/data

Data for use in classroom visualizations

Data

This repo contains data for classroom use in visualization homework.

  • us_name_history.csv contains yearly data 1880-2021 for male and female baby names across the US.
  • us_name_history_small.csv contains a selected set of yearly data 1880-2021 for male and female baby names across the US.
  • state_history_decades.csv contains data at decade intervals 1880-2020 for male and female baby names for each US state
  • nyc_names_final.csv contains yearly (recent) data for babies born in New York City. Unlike the other data sets, it has data on ethnicity.

Sources

US name history is US government data, from the Social Security Administration (SSA).

us_name_history_small is a filtered version of the same data set, including only most popular names, designed to be small and easy to work with.**

See this link for full info: https://www.ssa.gov/oact/babynames/limits.html

Counts for baby names come from: https://www.ssa.gov/oact/babynames/names.zip

Proportion values for the US overall were calculated using: https://www.ssa.gov/oact/babynames/numberUSbirths.html

Proportion values for the state data are calculated simply as a proportion of all births reported in the file.
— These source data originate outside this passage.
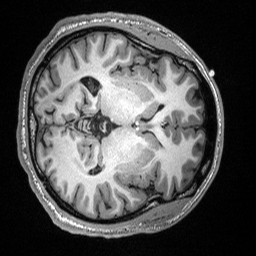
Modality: T1w
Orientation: axial
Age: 25
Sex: male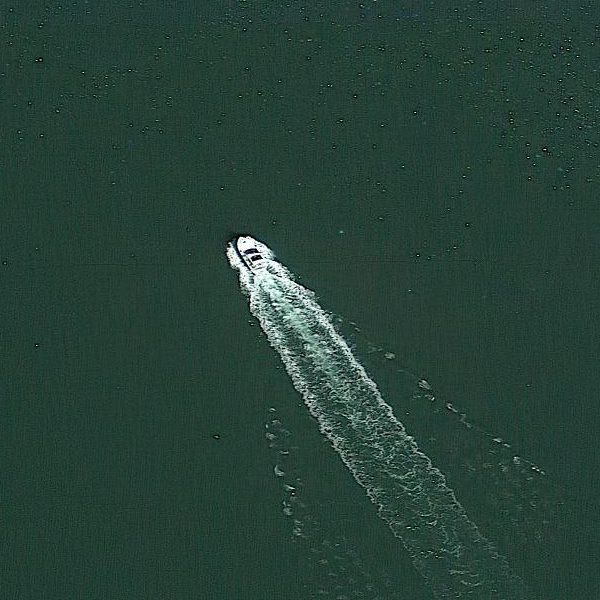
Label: civil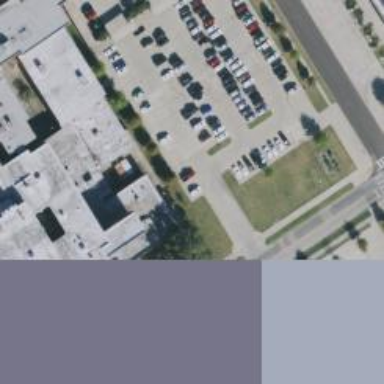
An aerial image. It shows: School.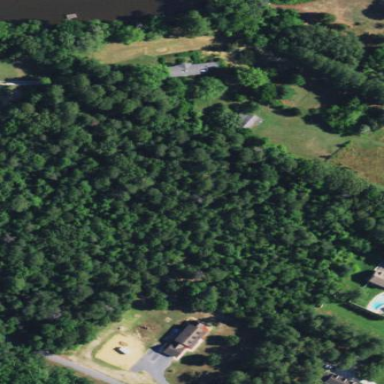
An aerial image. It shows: Serene woodland landscape.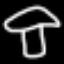
Label: mushroom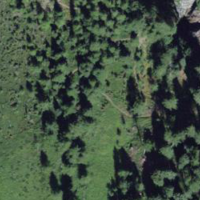
EUNIS habitat code: 43
Species observed at this site:
Vaccinium uliginosum
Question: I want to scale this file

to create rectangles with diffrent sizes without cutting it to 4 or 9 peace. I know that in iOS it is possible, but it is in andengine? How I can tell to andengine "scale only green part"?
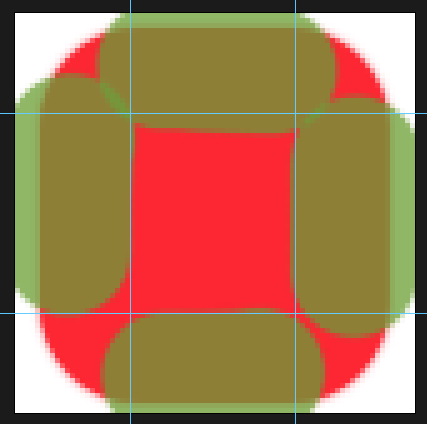
Answer: Android (and AndEngine) use 9-patch images to do this type of scaling. <URL>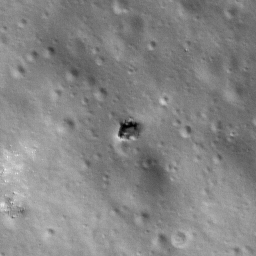
Pit: Harriot 1
Host crater: Harriot
Host type: impact_melt
Lunar coordinates: latitude 33.293, longitude 114.291
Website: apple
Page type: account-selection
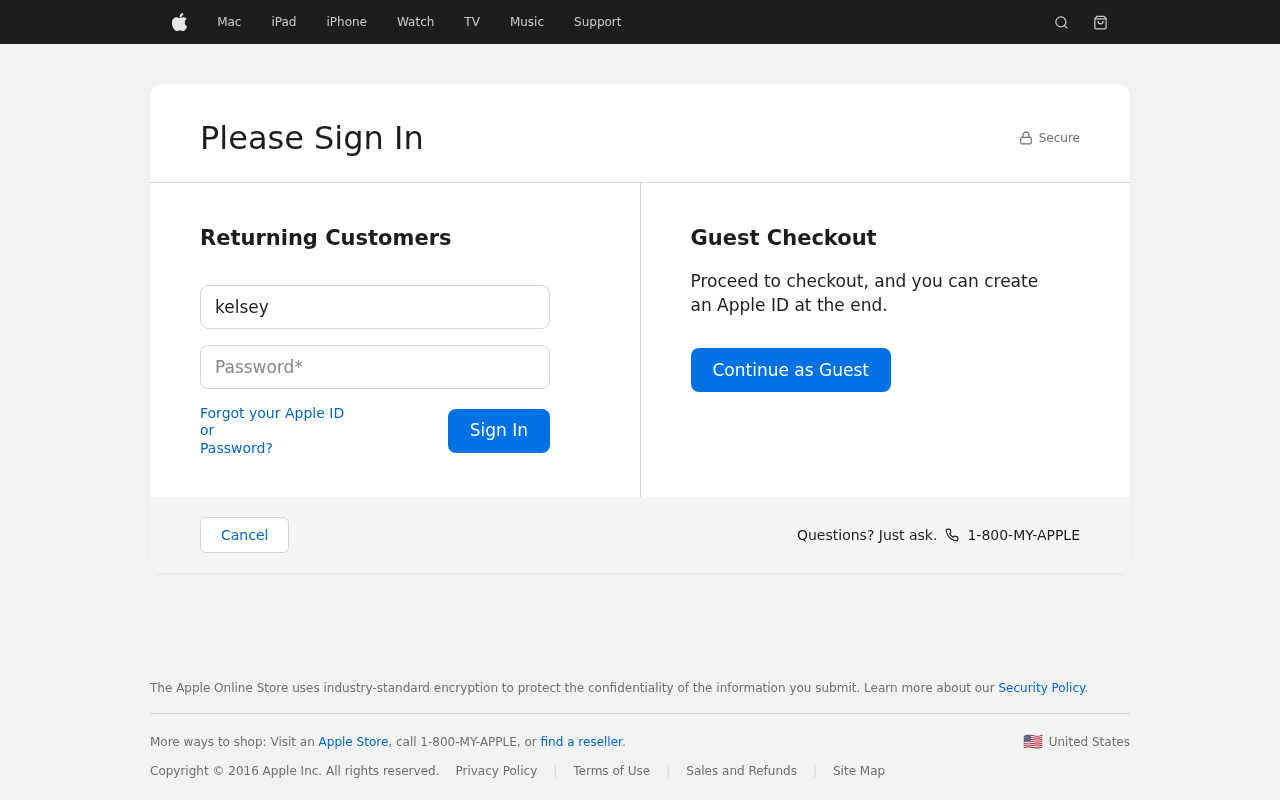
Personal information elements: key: PII_LOGIN_USERNAME
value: kelsey_wilson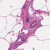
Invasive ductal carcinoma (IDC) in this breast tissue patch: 0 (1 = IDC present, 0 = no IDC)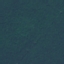
Label: Forest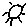
Label: sun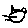
Label: cat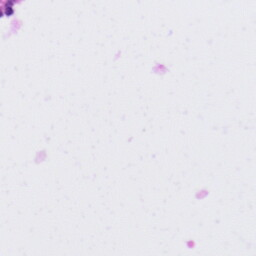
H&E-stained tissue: Tonsil
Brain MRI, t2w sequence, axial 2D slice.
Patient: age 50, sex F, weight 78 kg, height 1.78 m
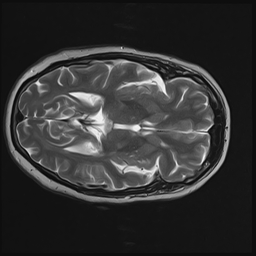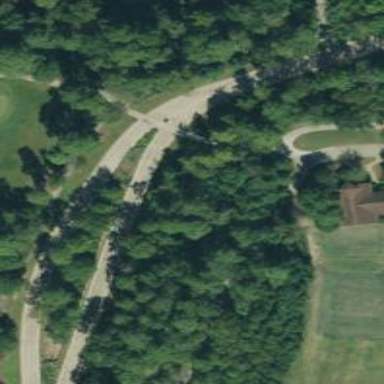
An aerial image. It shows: Path for both road and golf.
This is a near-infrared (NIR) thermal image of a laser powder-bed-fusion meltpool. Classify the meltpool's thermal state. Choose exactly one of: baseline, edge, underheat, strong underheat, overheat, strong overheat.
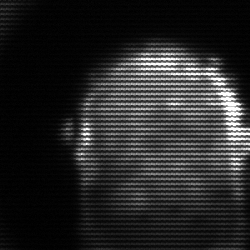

The resulting numbers are not precisely accurate, because this method ignores babies born with rare names not reported in the data, but it is a reasonable approximation given what we have available. Note that the approximation is better for more populous states.

I have also added a new "Name-Gender" field for convenience.

Data is yearly 1880-2021 for overall US; and 1880-2020 by decade for state data.

NYC name history is from NYC Open Data: https://data.cityofnewyork.us/Health/Popular-Baby-Names/25th-nujf/data

Note that this data set is processed to remove duplicate lines (which I believe are errors in the original), normalize case for names (which varied in the original) and normalize ethnicity fields (which also varied in number of characters in original). As with the US data, I have added a Name-Gender field for convenience.

CPI-U data is from Jan. 2023 .xslx file at this address: https://www.bls.gov/cpi/tables/supplemental-files/home.htm

I have edited this spreadsheet to make it fit for Tableau.